Une lettre datée du 17 octobre 1944 qui raconte les évènements du Vercors de juillet 1944. Barbières est situé au pied des Monts du matin, à l’est de la plaine de Valence, au début du col du Tourniol. Après quelques mots s’enquérant de la santé des correspondants et donnant des nouvelles de la famille, l’auteur raconte:
« Au 9 juin, j’avais rejoint le maquis du Vercors en compagnie de Ruchon, Jean Reynier, Raymond Reynier, René Blachon, Nicolas Marcel, nous y sommes restés jusqu’à fin juillet date à laquelle les Boches nous ont attaqués en force. Vous avez dû l’apprendre dans les journaux ainsi que toutes les atrocités commises. Barbières étant zone rouge ainsi que tout le pays le long de la montagne, nous avons eu l’occupation des Mongols pendant 17 jours; ce fut le règne de la terreur, pillage, incendies et viols. Heureusement aucune victime au pays, ma femme ne pouvant rester avec Ginette seule dans le grand bâtiment s’était réfugiée chez M. Bellier sur Besayes le 21 juillet. Le 22 au matin, les rafles et les perquisitions commençèrent à la pointe du jour. Vous pensez bien que notre logement ainsi que l’usine n’y ont pas…
…échappé; à l’usine tous les tissus sont partis, quant à la maison, le poste, le vélo, le linge, les couvertures, le lainage, les vêtements, les chaussures etc…, ils nous ont laissé tout de même les meubles, la vaisselle et quelques vieilles nippes, vous pensez un peu dans l’état que cela avait mis. Ma femme quand elle est rentrée chez elle de trouver une maison toute bouleversée et moitié vise, nos réserves en nourritures, 12 douzaines d’oeufs , un jambon, du lard, 25kg de farine blanche, 5 kg de sucre, 10 kg d’haricots, 8 kg de maïs, 5 kg d’orge torréfiée, le beurre, la graisse, le vin en un mot il nous reste plus que nos yeux pour pleurer. Après cette secousse, ma mère est décédée le 15 août, cela fait que nous sommes tous monté à Bouvante chez les parents de ma femme pour passer trois semaines de tranquillité qui nous a fait tant de bien à tous.
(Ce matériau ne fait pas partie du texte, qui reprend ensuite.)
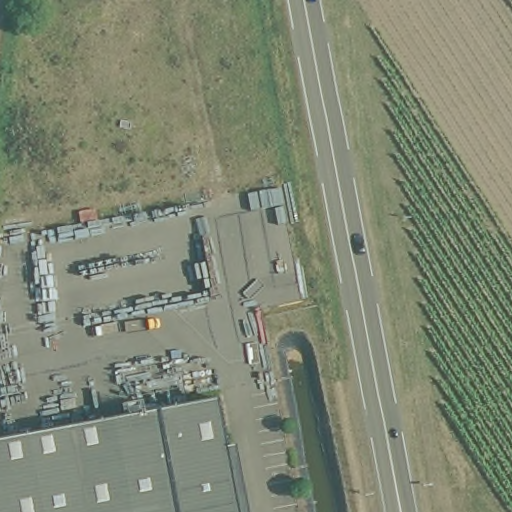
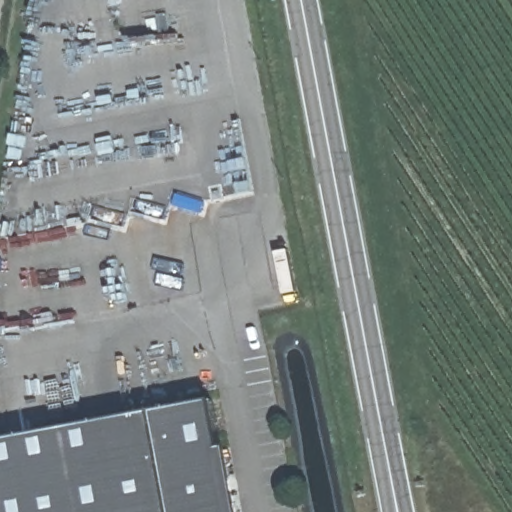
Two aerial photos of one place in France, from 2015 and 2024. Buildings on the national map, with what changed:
unchanged [(213,400),(234,512),(0,512),(0,439),(80,425),(213,400)]

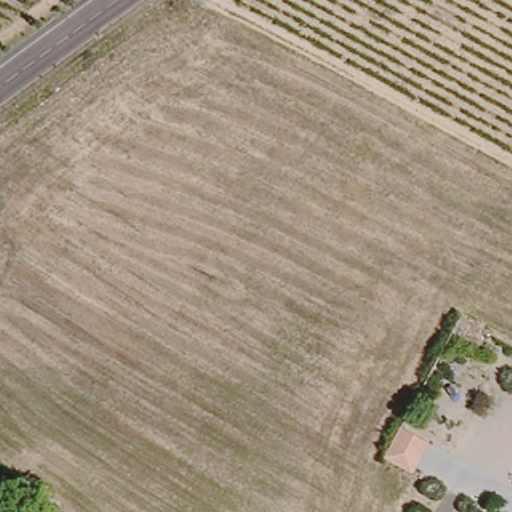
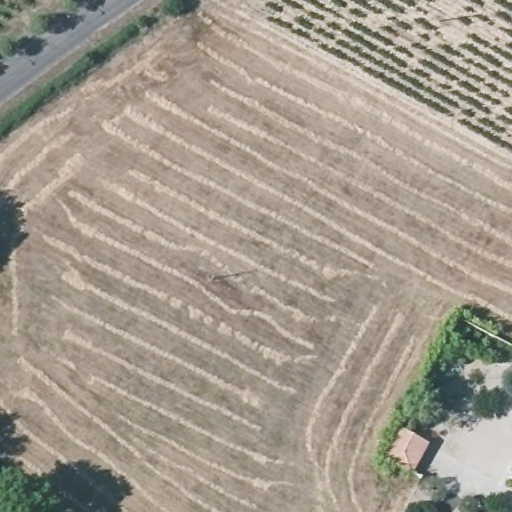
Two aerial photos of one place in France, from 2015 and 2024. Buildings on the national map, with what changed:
unchanged [(385,463),(398,429),(436,442),(419,475),(385,463)]

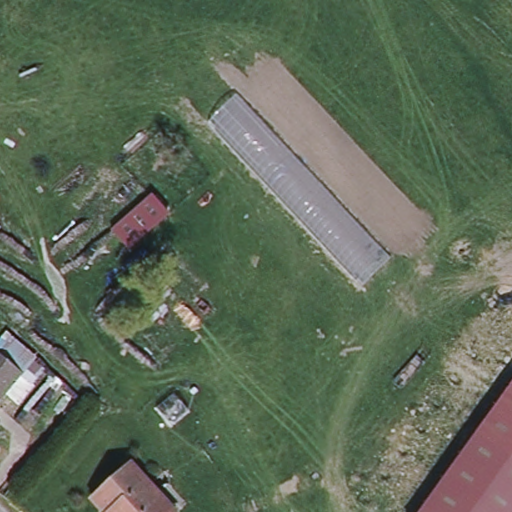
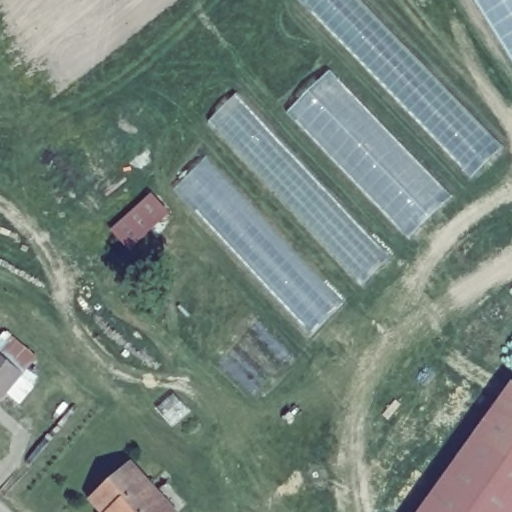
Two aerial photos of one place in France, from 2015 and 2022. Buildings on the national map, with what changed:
new [(504,147),(472,178),(299,0),(360,0),(504,147)]
new [(453,196),(409,239),(288,111),(330,71),(453,196)]
unchanged [(391,258),(363,285),(208,122),(237,93),(391,258)]
new [(342,305),(313,335),(175,189),(205,158),(342,305)]
new [(172,214),(129,252),(110,230),(152,194),(172,214)]
unchanged [(7,336),(34,358),(21,375),(0,402),(0,346),(7,336)]
unchanged [(437,484),(512,381),(512,512),(416,512),(420,506),(437,484)]
unchanged [(157,504),(164,512),(105,512),(99,504),(92,497),(130,463),(137,471),(162,498),(157,504)]

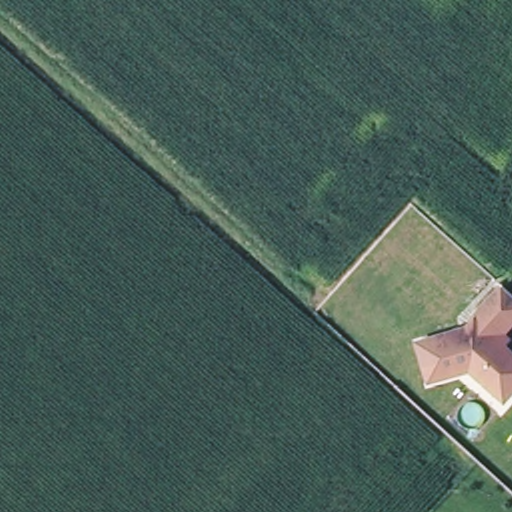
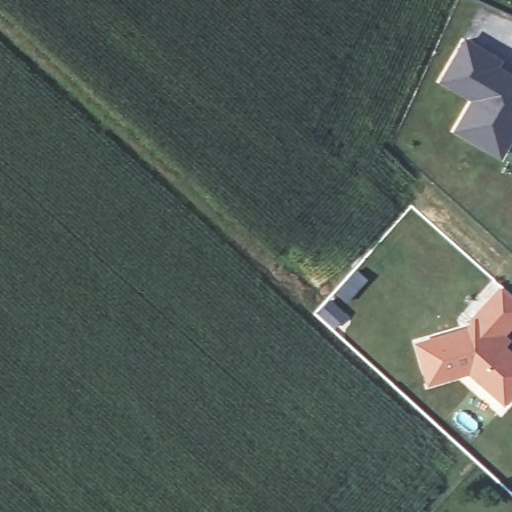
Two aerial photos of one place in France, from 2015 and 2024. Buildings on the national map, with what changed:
new [(478,140),(456,127),(474,96),(455,85),(442,77),(465,38),(498,56),(494,64),(512,74),(512,132),(509,137),(500,152),(478,140)]
unchanged [(512,350),(512,393),(511,393),(490,373),(484,379),(473,368),(430,377),(420,338),(475,326),(480,319),(478,317),(510,285),(512,287),(512,328),(501,339),(512,350)]

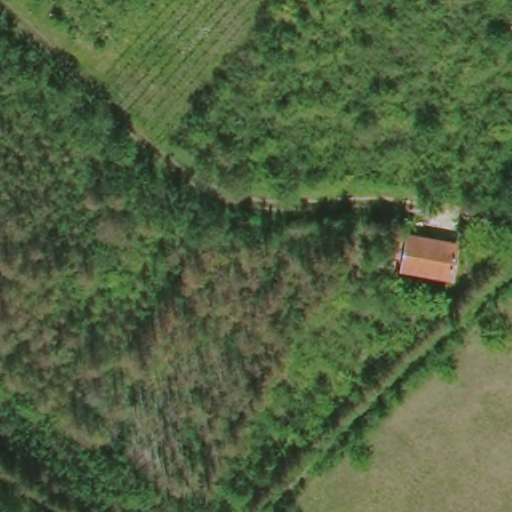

Vous avez dû savoir que Saint-Jean, Saint-Nazaire et Pont-en-Royans ont été bombardés par les boches de 20 juin; Saint-Nazaire a beaucoup souffert aussi l’usine est paralysée pour quelques temps à cause des dégâts t le pillage qu’elle a subi. A Barbières, nous avons recommencé le 2 octobre, nous pensons pouvoir travailler en attendant de recevoir les nouvelles matières, au kaolin ça ne marche pas fort, le manque de transports se fait sentir… »
La répression qui fut terrible sur le plateau (Vassieux, La Chapelle, La Luire…) le fut également au pied où les Allemands attendaient les maquisards descendant du plateau plutôt que les poursuivre dans les forêts et ne souhaitaient que la population les aide. Le passage de l’Isère pour ses jeunes fuyant le plateau fut fatal pour beaucoup (nombreuses stèles le long de la route vers Saint-Nazaire-en-Royans). Les Mongols dont on parle sont des supplétifs de la Wehrmacht issus de l’Est (Azerbaïdjan…) spécialisés dans des taches pour semer la terreur après les combats qui furent menés par des Alpins et des Parachutistes sur le plateau.